* **Exercise requirements**: Only the text carries over: repeat the records exactly and drop the images.

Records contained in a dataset
--------------------
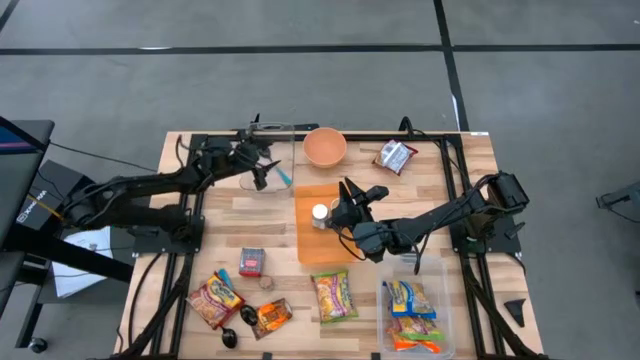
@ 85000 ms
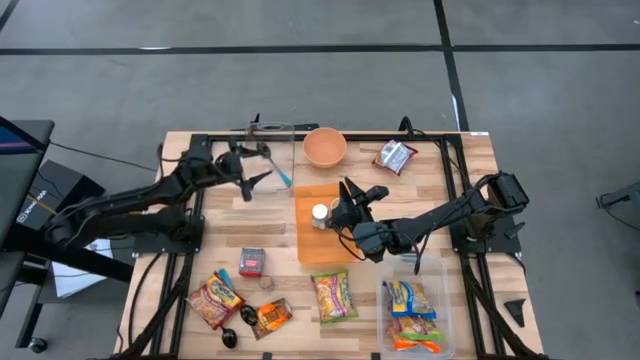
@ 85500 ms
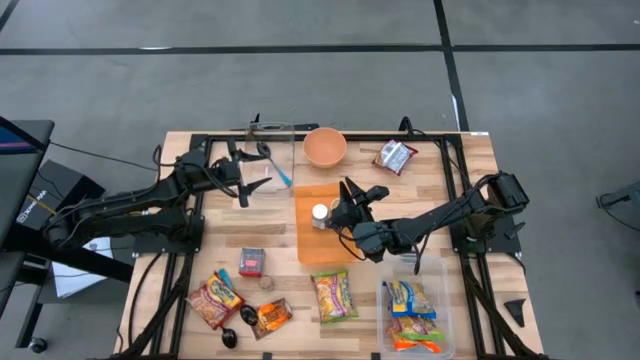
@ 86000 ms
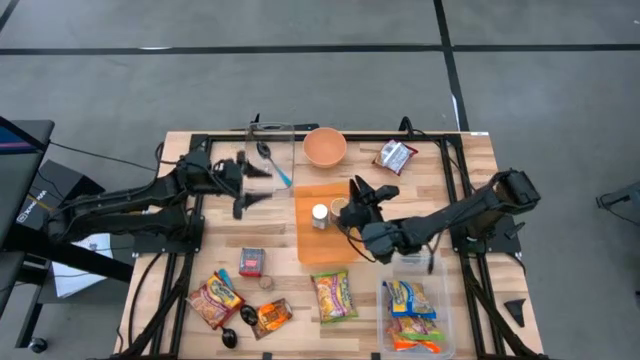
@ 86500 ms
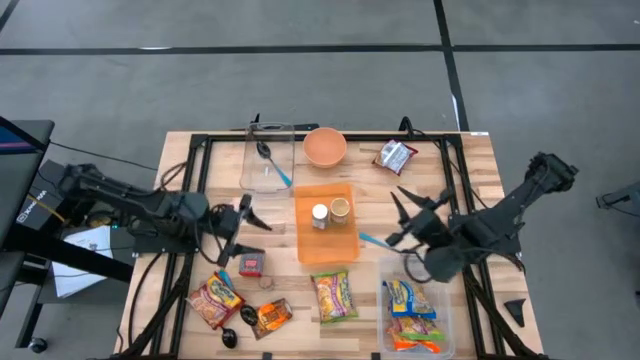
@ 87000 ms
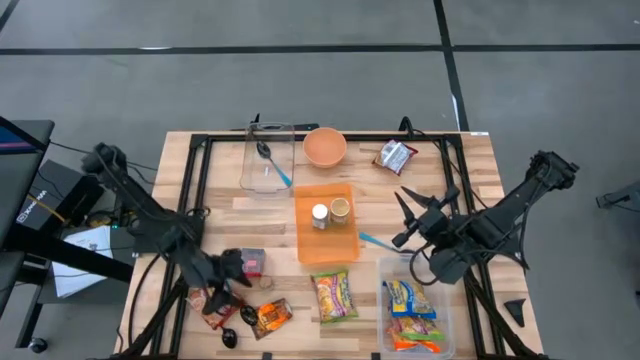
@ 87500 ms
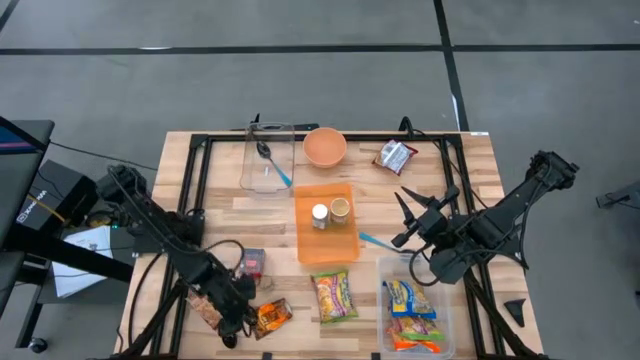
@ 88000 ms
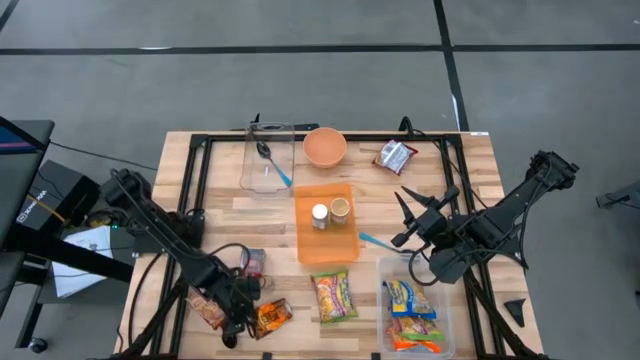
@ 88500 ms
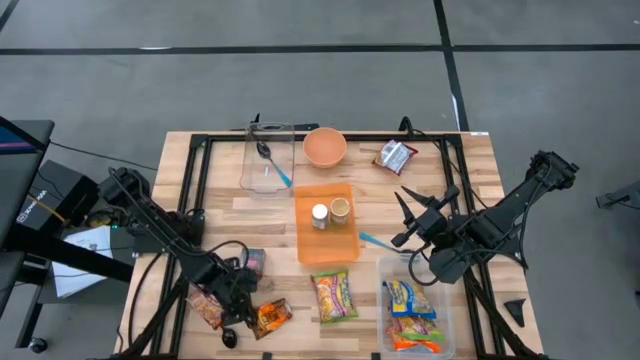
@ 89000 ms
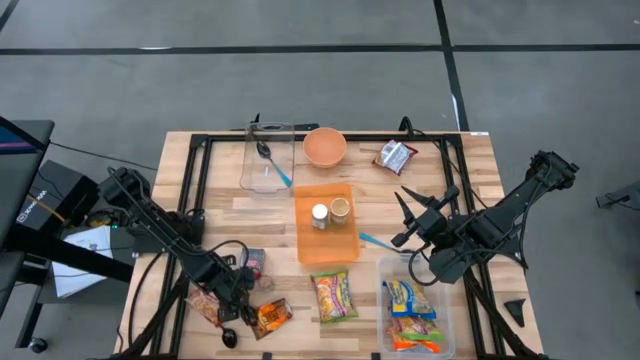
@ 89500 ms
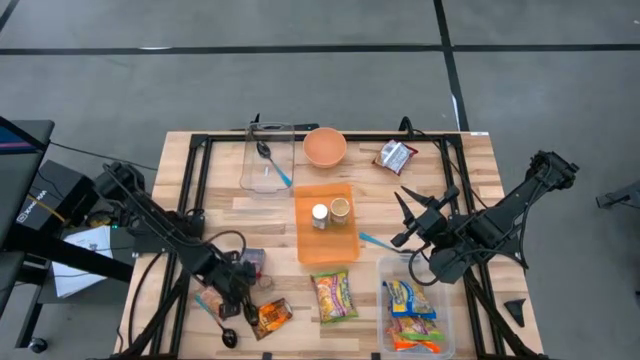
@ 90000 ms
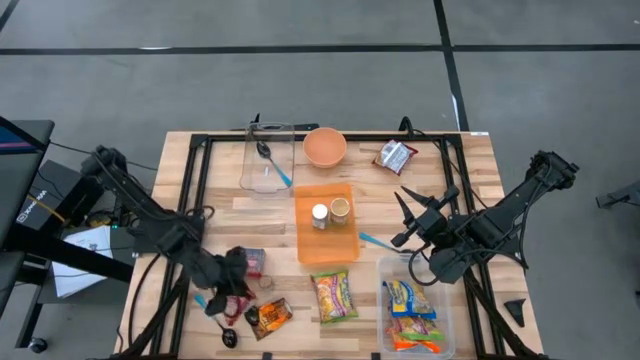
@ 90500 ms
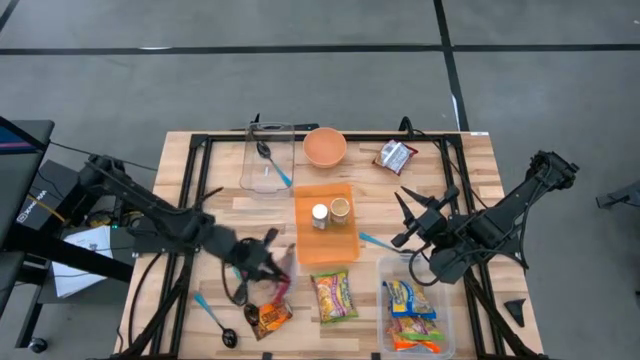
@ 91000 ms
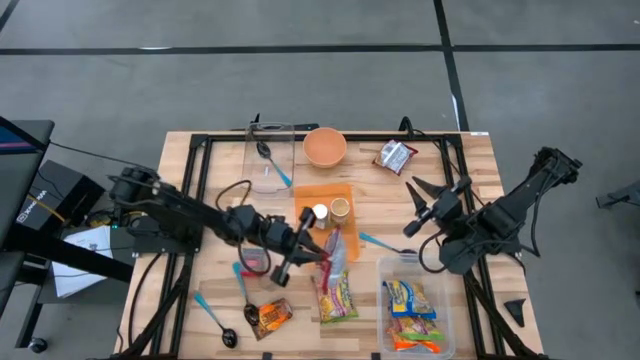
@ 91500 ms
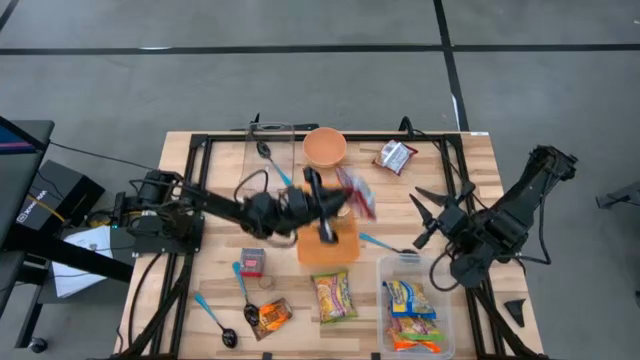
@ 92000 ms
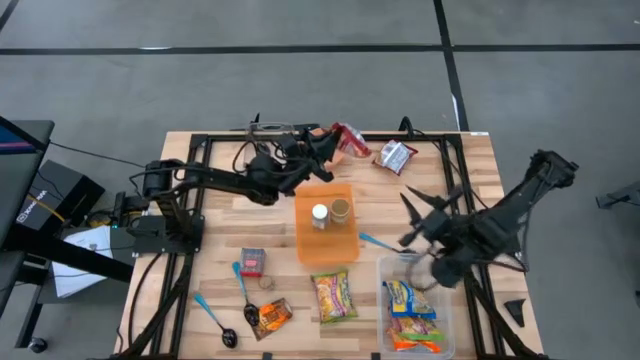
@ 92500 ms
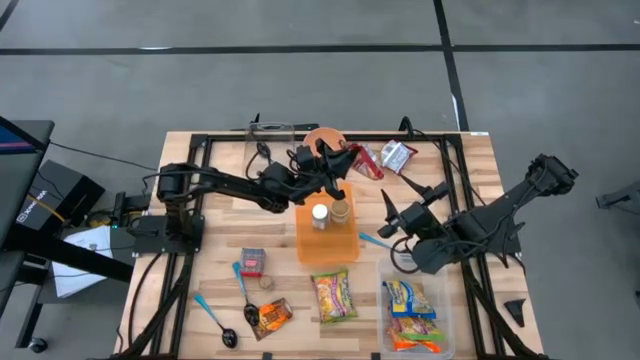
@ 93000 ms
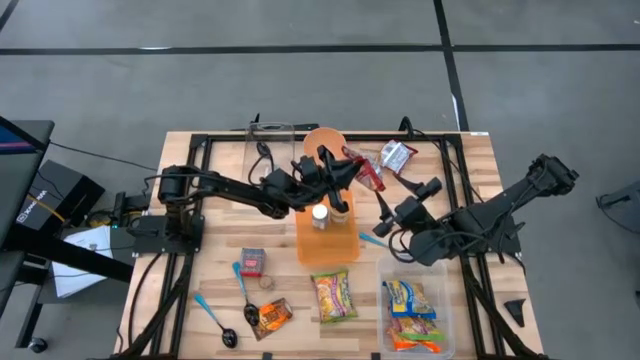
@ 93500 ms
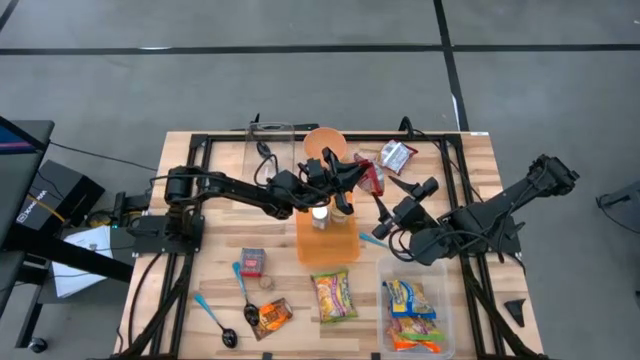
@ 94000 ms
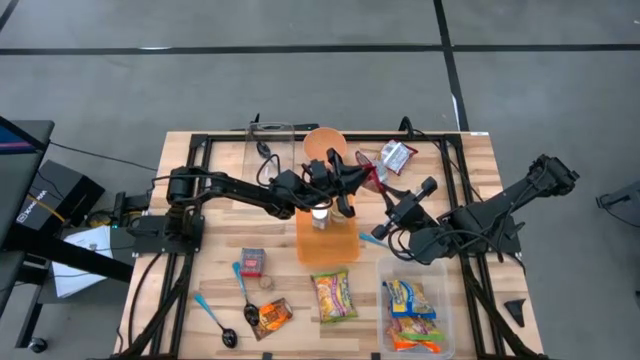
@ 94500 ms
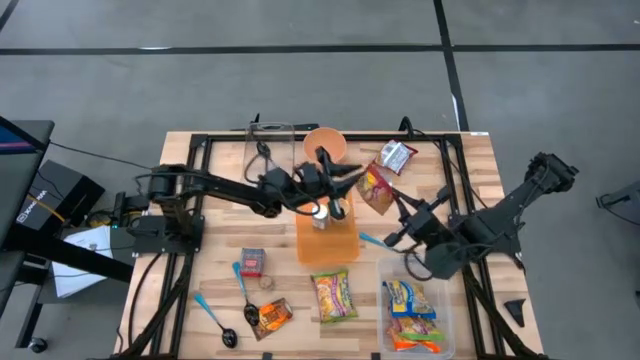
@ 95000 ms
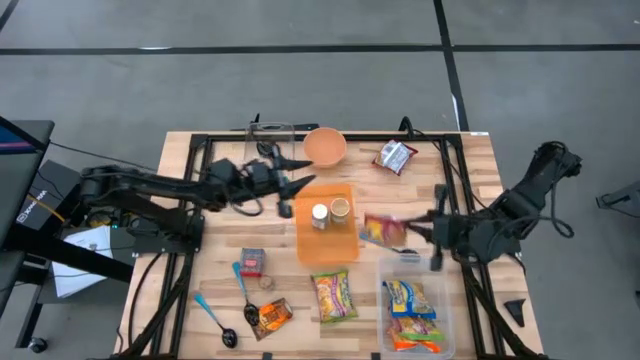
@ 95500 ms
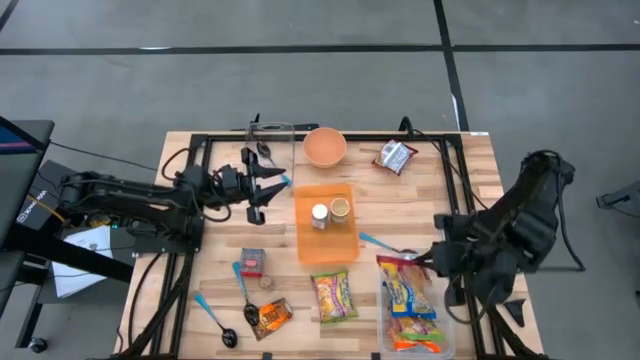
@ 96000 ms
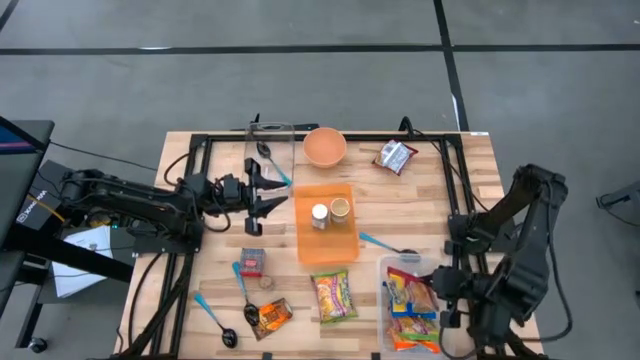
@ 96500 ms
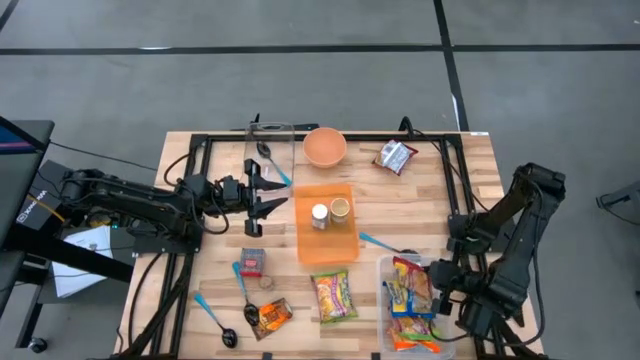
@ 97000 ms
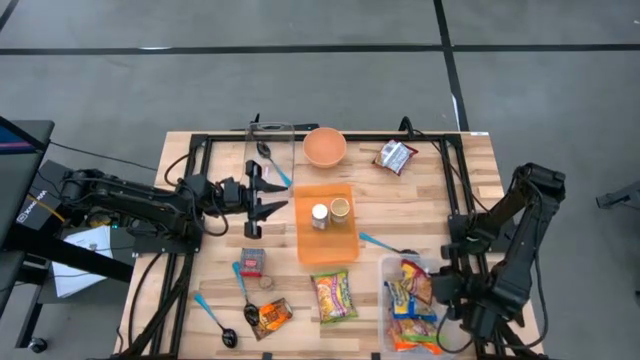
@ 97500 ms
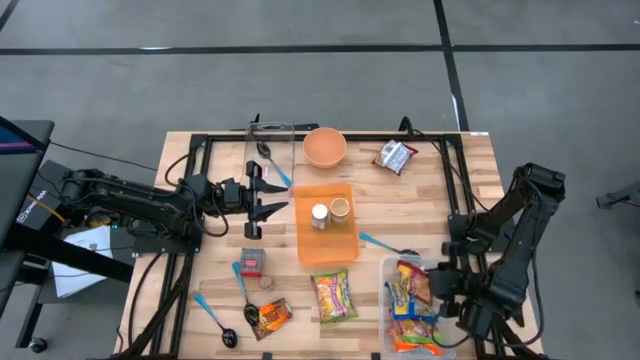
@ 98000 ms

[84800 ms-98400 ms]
--------------------
* **Response area**:
@ 85000 ms
@ 85500 ms
@ 86000 ms
@ 86500 ms
@ 87000 ms
@ 87500 ms
@ 88000 ms
@ 88500 ms
@ 89000 ms
@ 89500 ms
@ 90000 ms
@ 90500 ms
@ 91000 ms
@ 91500 ms
@ 92000 ms
@ 92500 ms
@ 93000 ms
@ 93500 ms
@ 94000 ms
@ 94500 ms
@ 95000 ms
@ 95500 ms
@ 96000 ms
@ 96500 ms
@ 97000 ms
@ 97500 ms
@ 98000 ms

[84800 ms-98400 ms]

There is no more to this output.